The talented Bennett fuels her fiction with secrets—first in her lauded debut, The Mothers (2016), and now in the assured and magnetic story of the Vignes sisters, light-skinned women parked on opposite sides of the color line. Desiree, the “fidgety twin,” and Stella, “a smart, careful girl,” make their break from stultifying rural Mallard, Louisiana, becoming 16-year-old runaways in 1954 New Orleans. The novel opens 14 years later as Desiree, fleeing a violent marriage in D.C., returns home with a different relative: her 8-year-old daughter, Jude.
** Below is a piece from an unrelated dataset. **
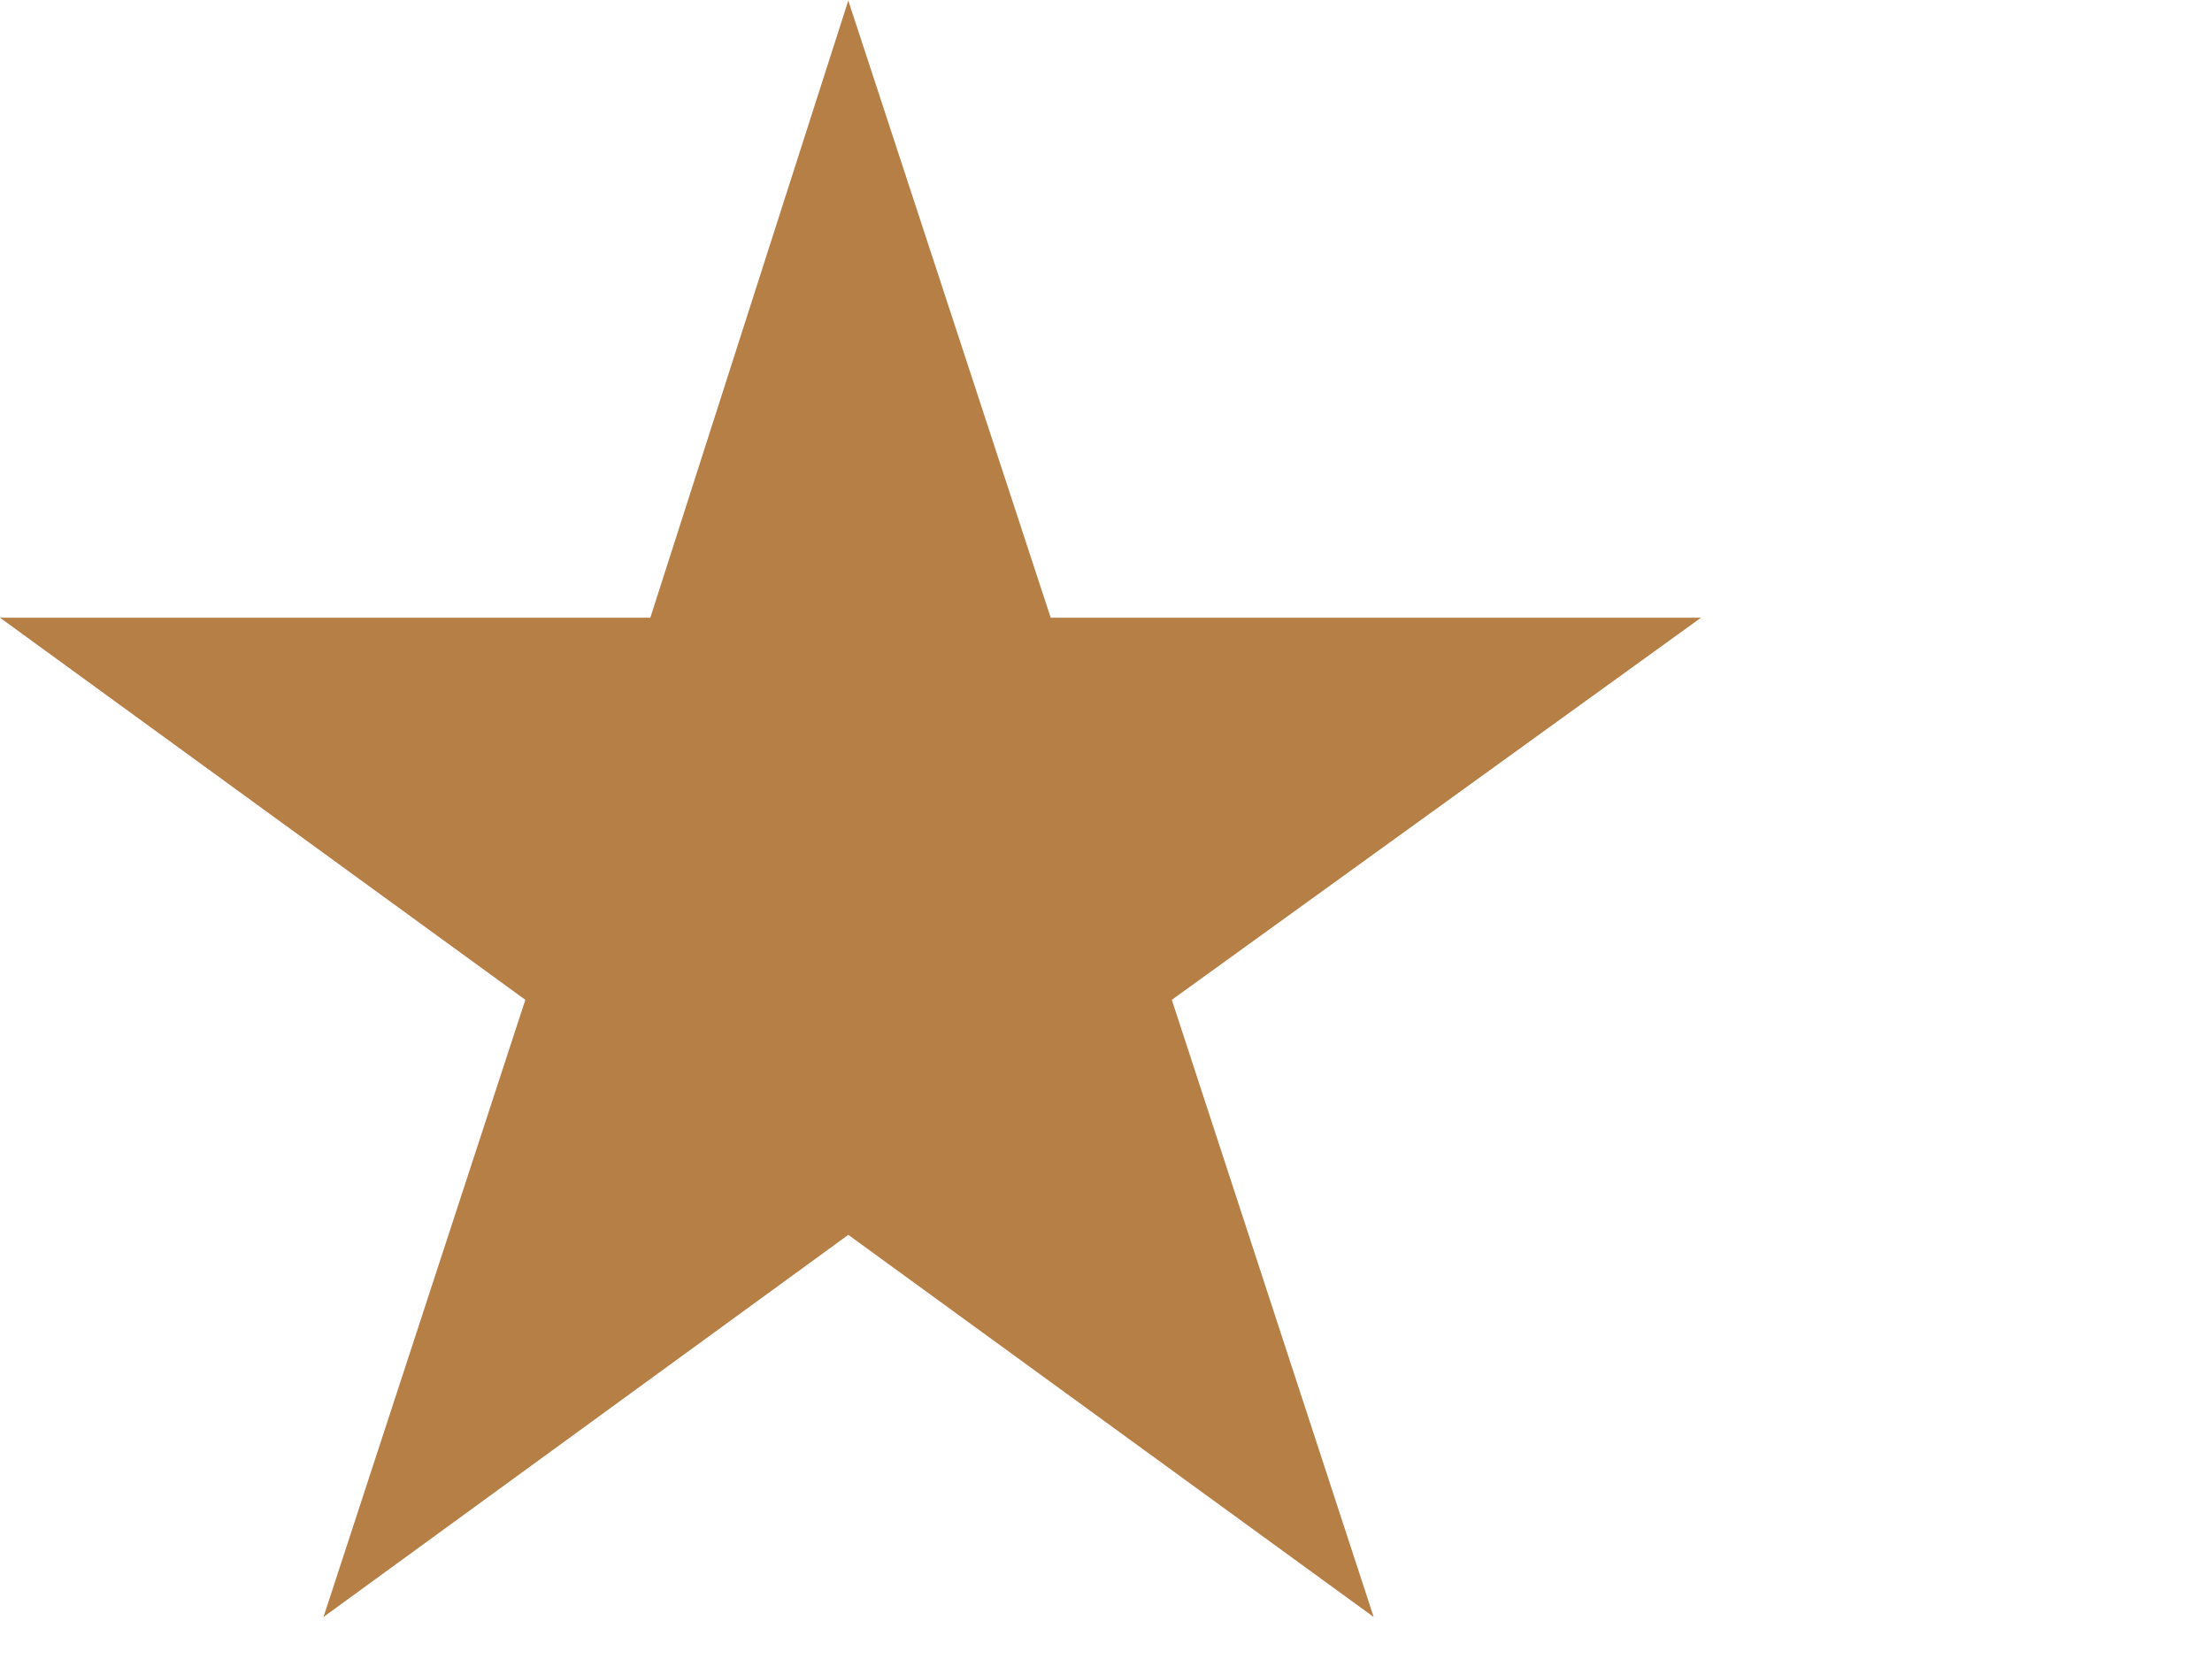 <?xml version="1.0" encoding="UTF-8"?> <svg xmlns="http://www.w3.org/2000/svg" width="4" height="3" viewBox="0 0 4 3" fill="none"> <path fill-rule="evenodd" clip-rule="evenodd" d="M1.534 0.001L1.9 1.117H3.076L2.119 1.808L2.484 2.924L1.534 2.233L0.585 2.924L0.95 1.808L0 1.117H1.176L1.534 0.001Z" fill="#B57F46"></path> </svg>

The gossips are agog: “In Mallard, nobody married dark....Marrying a dark man and dragging his blueblack child all over town was one step too far.” Desiree's decision seals Jude’s misery in this “colorstruck” place and propels a new generation of flight: Jude escapes on a track scholarship to UCLA. Tending bar as a side job in Beverly Hills, she catches a glimpse of her mother’s doppelgänger. Stella, ensconced in white society, is shedding her fur coat. Jude, so black that strangers routinely stare, is unrecognizable to her aunt. All this is expertly paced, unfurling before the book is half finished; a reader can guess what is coming. Bennett is deeply engaged in the unknowability of other people and the scourge of colorism. The scene in which Stella adopts her white persona is a tour de force of doubling and confusion. It calls up Toni Morrison’s The Bluest Eye, the book's 50-year-old antecedent. Bennett's novel plays with its characters' nagging feelings of being incomplete—for the twins without each other; for Jude’s boyfriend, Reese, who is trans and seeks surgery; for their friend Barry, who performs in drag as Bianca. Bennett keeps all these plot threads thrumming and her social commentary crisp. In the second half, Jude spars with her cousin Kennedy, Stella's daughter, a spoiled actress.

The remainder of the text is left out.